What is being asked: Restate word for word all of the lines below, with each image left out.

Segment Open

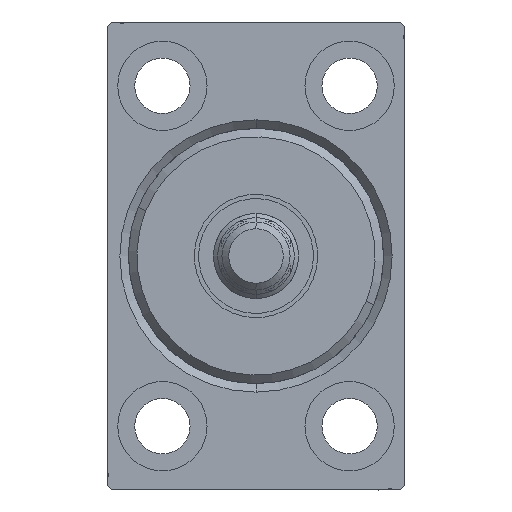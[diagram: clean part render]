
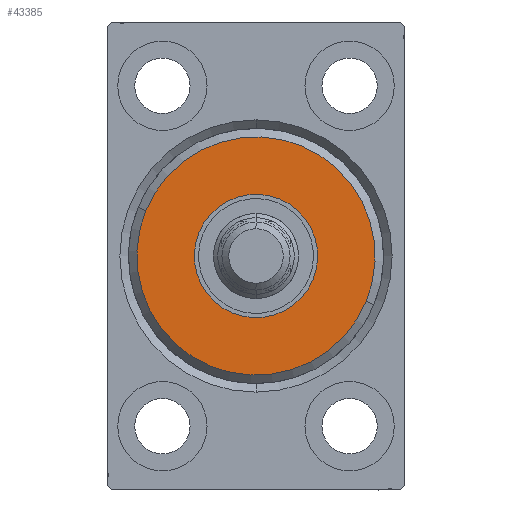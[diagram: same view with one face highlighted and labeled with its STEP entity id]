
A CAD part, left-side view. The second image highlights one B-rep face of the part: STEP entity #43385.
In plain terms, the highlighted face is planar.
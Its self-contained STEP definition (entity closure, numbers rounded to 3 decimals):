
#378 = EDGE_CURVE ( 'NONE', #37613, #23399, #15341, .T. ) ;
#851 = AXIS2_PLACEMENT_3D ( 'NONE', #21456, #34470, #21239 ) ;
#1376 = EDGE_CURVE ( 'NONE', #38518, #15098, #41897, .T. ) ;
#1503 = CARTESIAN_POINT ( 'NONE',  ( 3., 0., 7.25 ) ) ;
#1888 = DIRECTION ( 'NONE',  ( 1., 0., 0. ) ) ;
#2722 = CARTESIAN_POINT ( 'NONE',  ( 3., 0., 0. ) ) ;
#4727 = FACE_BOUND ( 'NONE', #14337, .T. ) ;
#5324 = AXIS2_PLACEMENT_3D ( 'NONE', #15054, #28736, #8101 ) ;
#5830 = CARTESIAN_POINT ( 'NONE',  ( 3., 0., 0. ) ) ;
#8101 = DIRECTION ( 'NONE',  ( 0., 0., -1. ) ) ;
#8849 = ORIENTED_EDGE ( 'NONE', *, *, #30599, .T. ) ;
#8972 = DIRECTION ( 'NONE',  ( 0., 0., -1. ) ) ;
#12786 = DIRECTION ( 'NONE',  ( 1., 0., 0. ) ) ;
#14337 = EDGE_LOOP ( 'NONE', ( #44058, #36839 ) ) ;
#15054 = CARTESIAN_POINT ( 'NONE',  ( 3., 0., 0. ) ) ;
#15098 = VERTEX_POINT ( 'NONE', #26615 ) ;
#15341 = CIRCLE ( 'NONE', #5324, 7.25 ) ;
#17924 = CIRCLE ( 'NONE', #42974, 7.25 ) ;
#18739 = CIRCLE ( 'NONE', #851, 14. ) ;
#18809 = EDGE_LOOP ( 'NONE', ( #28000, #8849 ) ) ;
#21239 = DIRECTION ( 'NONE',  ( 0., 0., -1. ) ) ;
#21456 = CARTESIAN_POINT ( 'NONE',  ( 3., 0., 0. ) ) ;
#22550 = AXIS2_PLACEMENT_3D ( 'NONE', #2722, #36573, #40171 ) ;
#22685 = EDGE_CURVE ( 'NONE', #23399, #37613, #17924, .T. ) ;
#23399 = VERTEX_POINT ( 'NONE', #33407 ) ;
#26615 = CARTESIAN_POINT ( 'NONE',  ( 3., 0., -14. ) ) ;
#28000 = ORIENTED_EDGE ( 'NONE', *, *, #1376, .T. ) ;
#28736 = DIRECTION ( 'NONE',  ( 1., 0., 0. ) ) ;
#29307 = CARTESIAN_POINT ( 'NONE',  ( 3., 0., 14. ) ) ;
#30599 = EDGE_CURVE ( 'NONE', #15098, #38518, #18739, .T. ) ;
#31232 = PLANE ( 'NONE',  #34826 ) ;
#33407 = CARTESIAN_POINT ( 'NONE',  ( 3., 0., -7.25 ) ) ;
#34470 = DIRECTION ( 'NONE',  ( 1., 0., 0. ) ) ;
#34826 = AXIS2_PLACEMENT_3D ( 'NONE', #5830, #12786, #8972 ) ;
#35459 = FACE_OUTER_BOUND ( 'NONE', #18809, .T. ) ;
#36573 = DIRECTION ( 'NONE',  ( 1., 0., 0. ) ) ;
#36839 = ORIENTED_EDGE ( 'NONE', *, *, #378, .F. ) ;
#37613 = VERTEX_POINT ( 'NONE', #1503 ) ;
#38518 = VERTEX_POINT ( 'NONE', #29307 ) ;
#40171 = DIRECTION ( 'NONE',  ( 0., 0., -1. ) ) ;
#41897 = CIRCLE ( 'NONE', #22550, 14. ) ;
#42263 = CARTESIAN_POINT ( 'NONE',  ( 3., 0., 0. ) ) ;
#42918 = DIRECTION ( 'NONE',  ( 0., 0., -1. ) ) ;
#42974 = AXIS2_PLACEMENT_3D ( 'NONE', #42263, #1888, #42918 ) ;
#43385 = ADVANCED_FACE ( 'NONE', ( #35459, #4727 ), #31232, .T. ) ;
#44058 = ORIENTED_EDGE ( 'NONE', *, *, #22685, .F. ) ;

Segment Closed

Answer to this exercise:
[diagram: clean part render]
[diagram: same view with one face highlighted and labeled with its STEP entity id]
A CAD part, left-side view. The second image highlights one B-rep face of the part: STEP entity #43385.
In plain terms, the highlighted face is planar.
Its self-contained STEP definition (entity closure, numbers rounded to 3 decimals):
#378 = EDGE_CURVE ( 'NONE', #37613, #23399, #15341, .T. ) ;
#851 = AXIS2_PLACEMENT_3D ( 'NONE', #21456, #34470, #21239 ) ;
#1376 = EDGE_CURVE ( 'NONE', #38518, #15098, #41897, .T. ) ;
#1503 = CARTESIAN_POINT ( 'NONE',  ( 3., 0., 7.25 ) ) ;
#1888 = DIRECTION ( 'NONE',  ( 1., 0., 0. ) ) ;
#2722 = CARTESIAN_POINT ( 'NONE',  ( 3., 0., 0. ) ) ;
#4727 = FACE_BOUND ( 'NONE', #14337, .T. ) ;
#5324 = AXIS2_PLACEMENT_3D ( 'NONE', #15054, #28736, #8101 ) ;
#5830 = CARTESIAN_POINT ( 'NONE',  ( 3., 0., 0. ) ) ;
#8101 = DIRECTION ( 'NONE',  ( 0., 0., -1. ) ) ;
#8849 = ORIENTED_EDGE ( 'NONE', *, *, #30599, .T. ) ;
#8972 = DIRECTION ( 'NONE',  ( 0., 0., -1. ) ) ;
#12786 = DIRECTION ( 'NONE',  ( 1., 0., 0. ) ) ;
#14337 = EDGE_LOOP ( 'NONE', ( #44058, #36839 ) ) ;
#15054 = CARTESIAN_POINT ( 'NONE',  ( 3., 0., 0. ) ) ;
#15098 = VERTEX_POINT ( 'NONE', #26615 ) ;
#15341 = CIRCLE ( 'NONE', #5324, 7.25 ) ;
#17924 = CIRCLE ( 'NONE', #42974, 7.25 ) ;
#18739 = CIRCLE ( 'NONE', #851, 14. ) ;
#18809 = EDGE_LOOP ( 'NONE', ( #28000, #8849 ) ) ;
#21239 = DIRECTION ( 'NONE',  ( 0., 0., -1. ) ) ;
#21456 = CARTESIAN_POINT ( 'NONE',  ( 3., 0., 0. ) ) ;
#22550 = AXIS2_PLACEMENT_3D ( 'NONE', #2722, #36573, #40171 ) ;
#22685 = EDGE_CURVE ( 'NONE', #23399, #37613, #17924, .T. ) ;
#23399 = VERTEX_POINT ( 'NONE', #33407 ) ;
#26615 = CARTESIAN_POINT ( 'NONE',  ( 3., 0., -14. ) ) ;
#28000 = ORIENTED_EDGE ( 'NONE', *, *, #1376, .T. ) ;
#28736 = DIRECTION ( 'NONE',  ( 1., 0., 0. ) ) ;
#29307 = CARTESIAN_POINT ( 'NONE',  ( 3., 0., 14. ) ) ;
#30599 = EDGE_CURVE ( 'NONE', #15098, #38518, #18739, .T. ) ;
#31232 = PLANE ( 'NONE',  #34826 ) ;
#33407 = CARTESIAN_POINT ( 'NONE',  ( 3., 0., -7.25 ) ) ;
#34470 = DIRECTION ( 'NONE',  ( 1., 0., 0. ) ) ;
#34826 = AXIS2_PLACEMENT_3D ( 'NONE', #5830, #12786, #8972 ) ;
#35459 = FACE_OUTER_BOUND ( 'NONE', #18809, .T. ) ;
#36573 = DIRECTION ( 'NONE',  ( 1., 0., 0. ) ) ;
#36839 = ORIENTED_EDGE ( 'NONE', *, *, #378, .F. ) ;
#37613 = VERTEX_POINT ( 'NONE', #1503 ) ;
#38518 = VERTEX_POINT ( 'NONE', #29307 ) ;
#40171 = DIRECTION ( 'NONE',  ( 0., 0., -1. ) ) ;
#41897 = CIRCLE ( 'NONE', #22550, 14. ) ;
#42263 = CARTESIAN_POINT ( 'NONE',  ( 3., 0., 0. ) ) ;
#42918 = DIRECTION ( 'NONE',  ( 0., 0., -1. ) ) ;
#42974 = AXIS2_PLACEMENT_3D ( 'NONE', #42263, #1888, #42918 ) ;
#43385 = ADVANCED_FACE ( 'NONE', ( #35459, #4727 ), #31232, .T. ) ;
#44058 = ORIENTED_EDGE ( 'NONE', *, *, #22685, .F. ) ;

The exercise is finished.